Science fiction writers are often touchy about snobbery directed against their genre, the assumption that because something is set in the future, or has robots in it, or is set on another planet, it can’t be ‘serious’ literature (unless, of course, it’s written by someone who is already known for ‘serious’ literature, like Lessing or Ishiguro). See recent observations by Philip Palmer and Stephen Hunt.
I share this irritation. Of course science fiction can be badly written, poorly characterised etc etc but so can historical fiction. That doesn’t mean we dismiss War and Peace because it happens to be set in the past. Of course science fiction can be light-hearted, intended as a diversion and nothing much more, but this is undoubtedly true too of a lot of romantic fiction, and it doesn’t make us dismiss Jane Austen just because her novels fall into that bag. And of course science fiction involves making stuff up, and indulging the reader in imaginary worlds, but so does The Tempest and Midsummer Night’s Dream.
The tools of science fiction can be used for a lot of purposes (like a pack of playing cards that can be used for many different games).
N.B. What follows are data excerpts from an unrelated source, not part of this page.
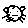
Label: cat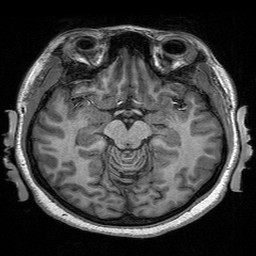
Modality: T1w
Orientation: coronal

I use them to write, as originally and interestingly as I can, about things that matter to me, and strike me as important, which I believe is what Tolstoy, Austen and Shakespeare did too. I don’t know if the end result is literature and, assuming that this is even a meaningful question, it would be for others to judge not me. But it’s annoying that there are a lot of people out there who’d be happy to make that judgment without even reading what I have to say.